■ **PROMPT**
Search the listing for the word "sequence" and return each line that contains it.

■ **DATASET CONTENT**
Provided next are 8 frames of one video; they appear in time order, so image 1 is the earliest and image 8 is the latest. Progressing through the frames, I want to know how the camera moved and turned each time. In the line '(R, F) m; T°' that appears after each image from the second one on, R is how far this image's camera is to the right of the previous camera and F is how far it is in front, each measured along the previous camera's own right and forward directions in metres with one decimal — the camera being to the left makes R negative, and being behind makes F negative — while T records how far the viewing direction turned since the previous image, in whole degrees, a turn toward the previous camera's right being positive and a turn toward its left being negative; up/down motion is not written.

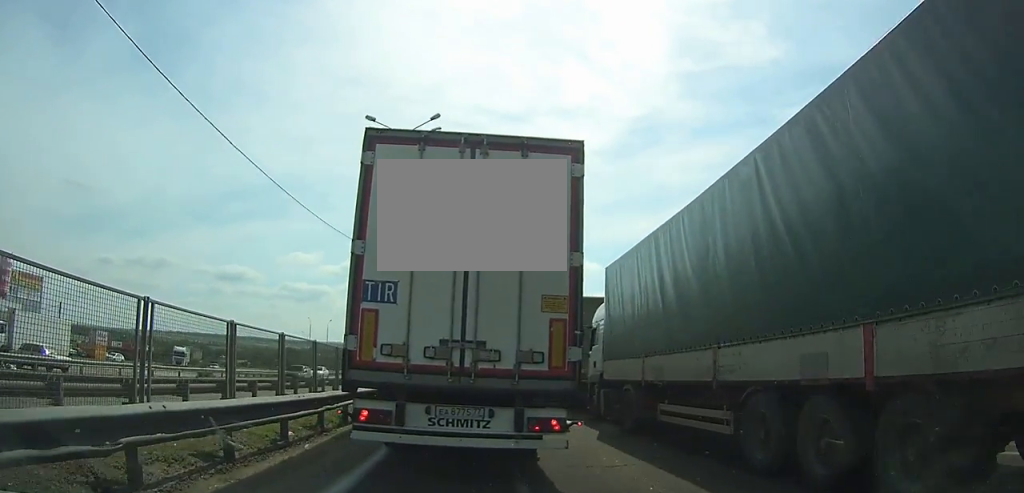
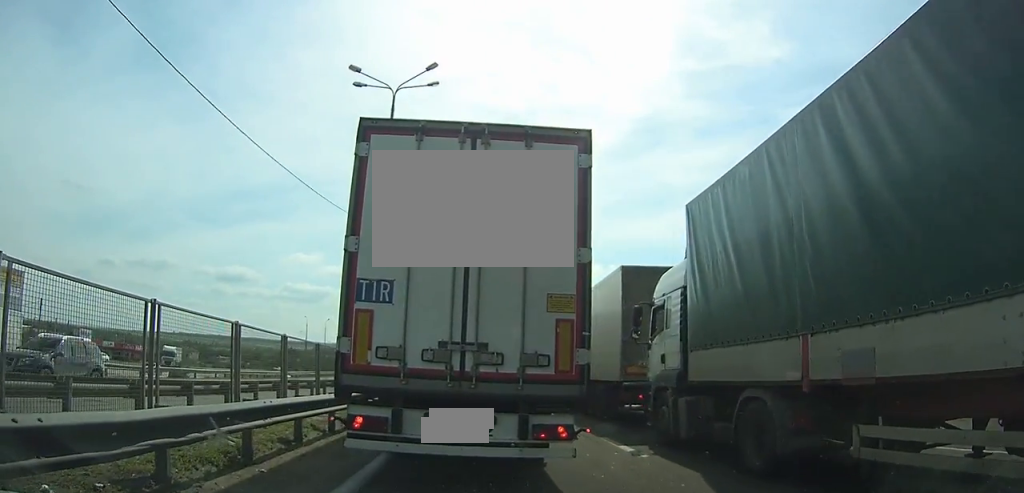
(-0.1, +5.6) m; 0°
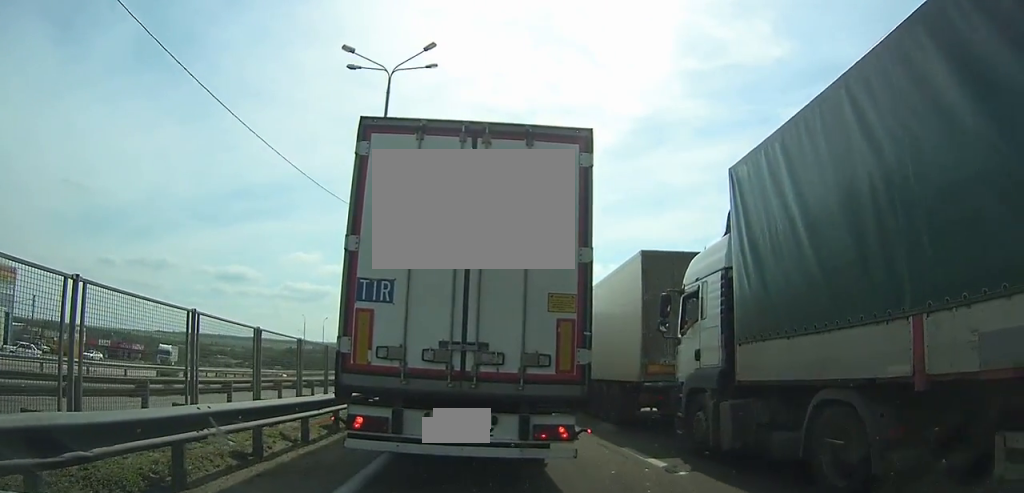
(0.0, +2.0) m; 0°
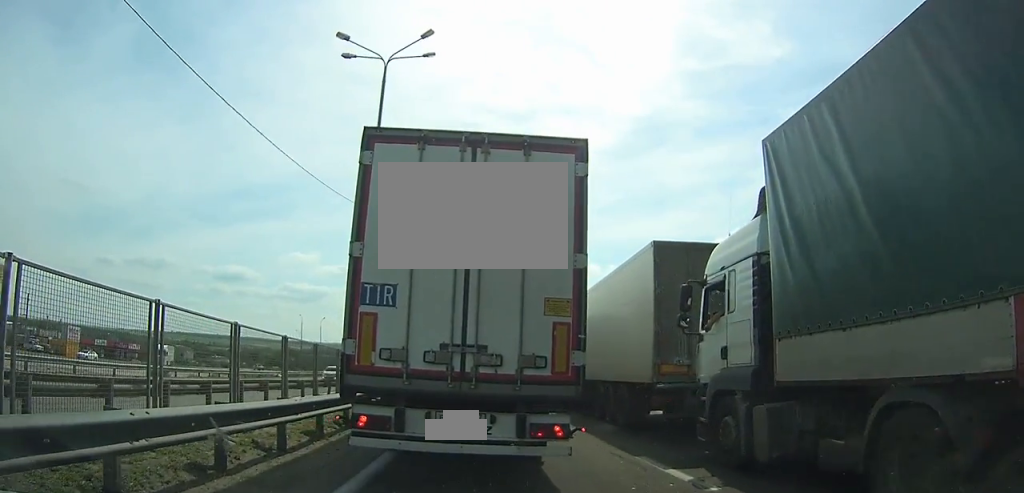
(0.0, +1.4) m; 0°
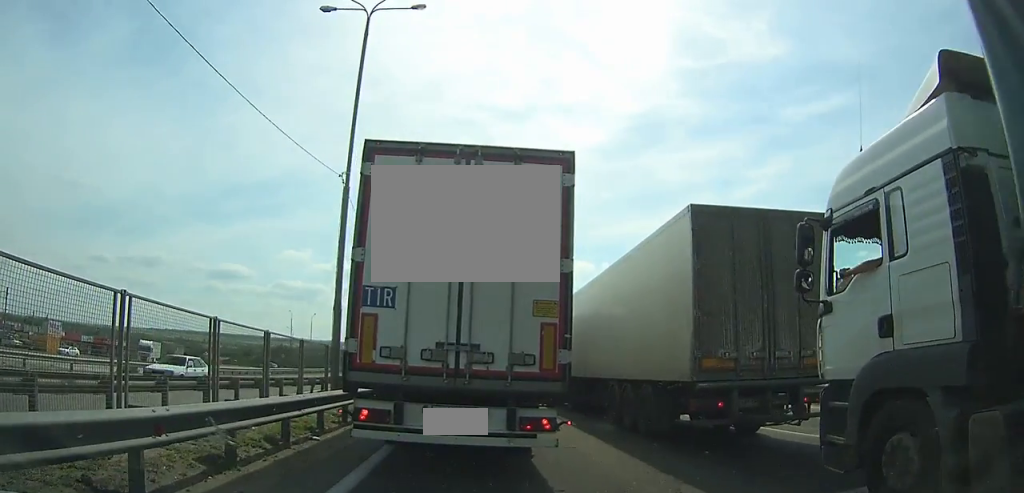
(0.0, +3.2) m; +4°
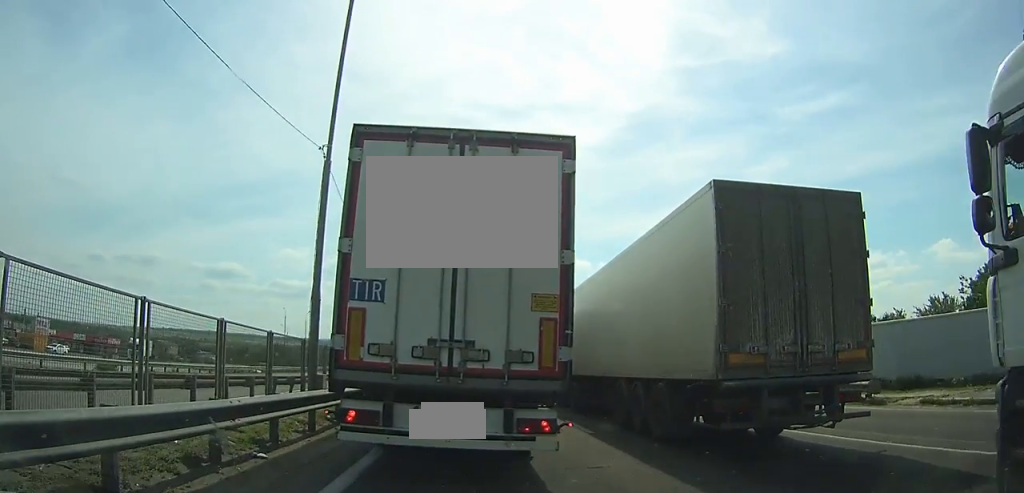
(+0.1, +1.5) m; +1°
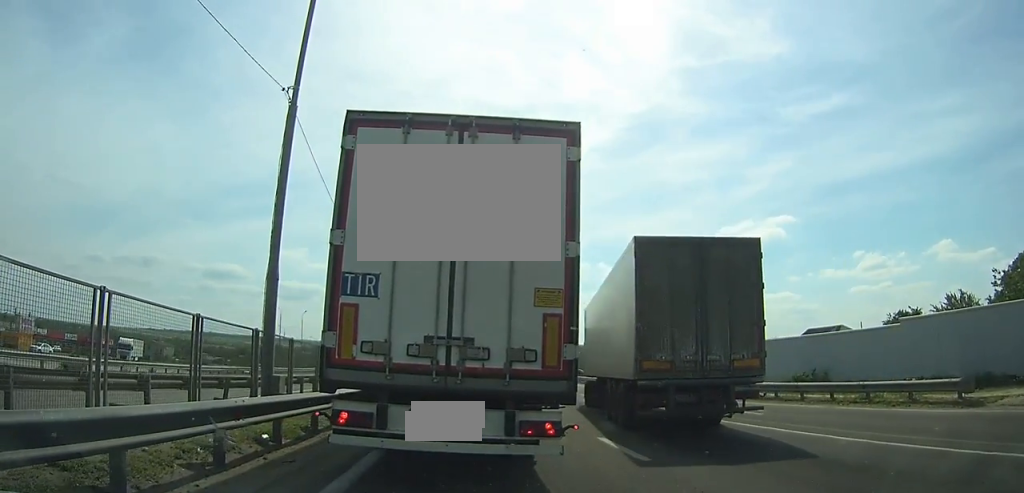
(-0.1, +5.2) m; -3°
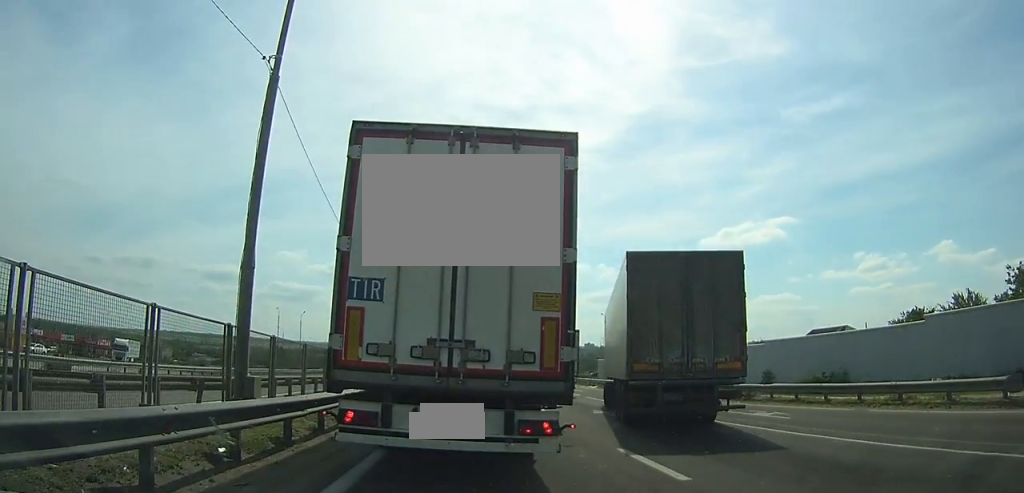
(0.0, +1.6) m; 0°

...

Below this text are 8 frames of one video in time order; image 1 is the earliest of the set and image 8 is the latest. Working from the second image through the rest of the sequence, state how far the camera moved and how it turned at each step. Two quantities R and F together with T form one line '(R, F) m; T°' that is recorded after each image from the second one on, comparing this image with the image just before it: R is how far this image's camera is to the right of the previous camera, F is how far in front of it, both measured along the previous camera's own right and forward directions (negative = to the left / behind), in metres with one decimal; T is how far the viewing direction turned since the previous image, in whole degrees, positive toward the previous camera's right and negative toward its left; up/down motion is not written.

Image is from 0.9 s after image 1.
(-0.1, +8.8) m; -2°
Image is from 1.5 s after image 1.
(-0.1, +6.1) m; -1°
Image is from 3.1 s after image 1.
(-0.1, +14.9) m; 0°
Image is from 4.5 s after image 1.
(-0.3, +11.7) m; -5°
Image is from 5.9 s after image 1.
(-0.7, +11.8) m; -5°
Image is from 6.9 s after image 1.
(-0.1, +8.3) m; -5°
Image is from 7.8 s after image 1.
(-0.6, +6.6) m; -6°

--

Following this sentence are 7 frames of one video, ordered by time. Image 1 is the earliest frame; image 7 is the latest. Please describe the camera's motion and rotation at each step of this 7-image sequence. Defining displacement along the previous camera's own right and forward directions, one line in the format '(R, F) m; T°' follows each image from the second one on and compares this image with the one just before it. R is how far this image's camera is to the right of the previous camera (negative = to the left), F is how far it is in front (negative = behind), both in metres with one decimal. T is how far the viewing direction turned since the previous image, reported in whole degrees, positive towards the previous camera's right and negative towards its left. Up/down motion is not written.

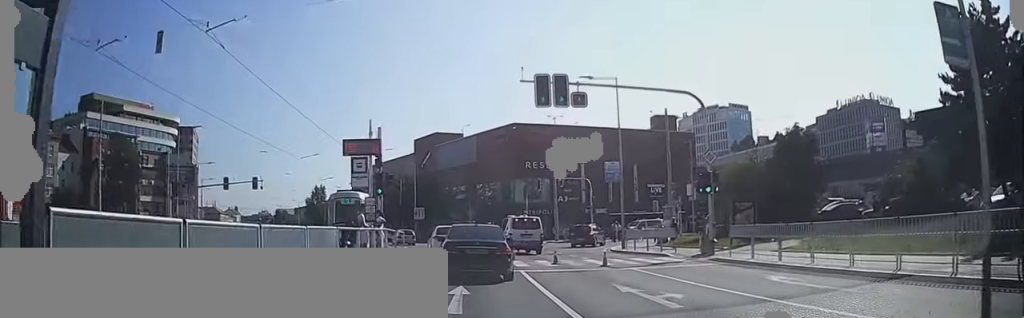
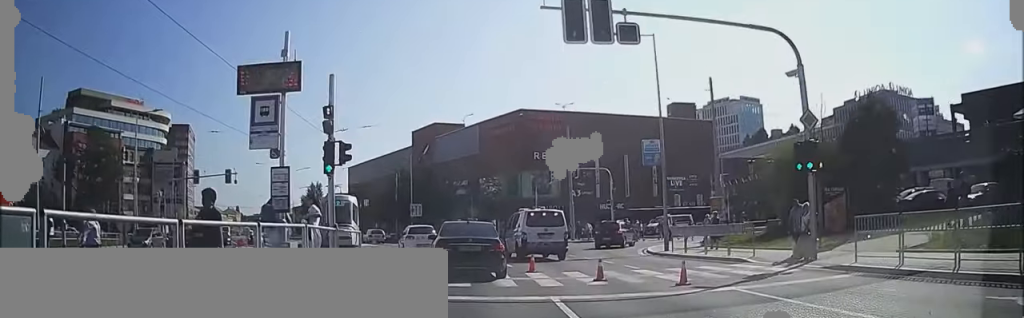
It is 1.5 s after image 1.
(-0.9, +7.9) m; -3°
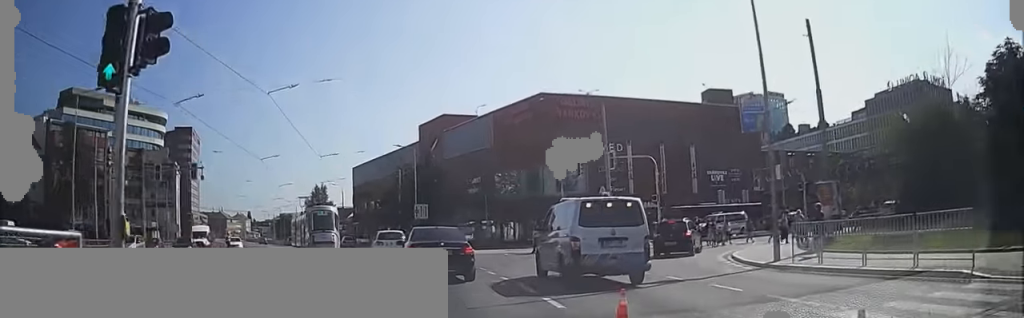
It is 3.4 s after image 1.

■ **ANSWER SPACE**
Below this text are 8 frames of one video in time order; image 1 is the earliest of the set and image 8 is the latest. Working from the second image through the rest of the sequence, state how far the camera moved and how it turned at each step. Two quantities R and F together with T form one line '(R, F) m; T°' that is recorded after each image from the second one on, comparing this image with the image just before it: R is how far this image's camera is to the right of the previous camera, F is how far in front of it, both measured along the previous camera's own right and forward directions (negative = to the left / behind), in metres with one decimal; T is how far the viewing direction turned since the previous image, in whole degrees, positive toward the previous camera's right and negative toward its left; up/down motion is not written.
Following this sentence are 7 frames of one video, ordered by time. Image 1 is the earliest frame; image 7 is the latest. Please describe the camera's motion and rotation at each step of this 7-image sequence. Defining displacement along the previous camera's own right and forward directions, one line in the format '(R, F) m; T°' follows each image from the second one on and compares this image with the one just before it. R is how far this image's camera is to the right of the previous camera (negative = to the left), F is how far it is in front (negative = behind), both in metres with one decimal. T is how far the viewing direction turned since the previous image, reported in whole degrees, positive towards the previous camera's right and negative towards its left. Up/down motion is not written.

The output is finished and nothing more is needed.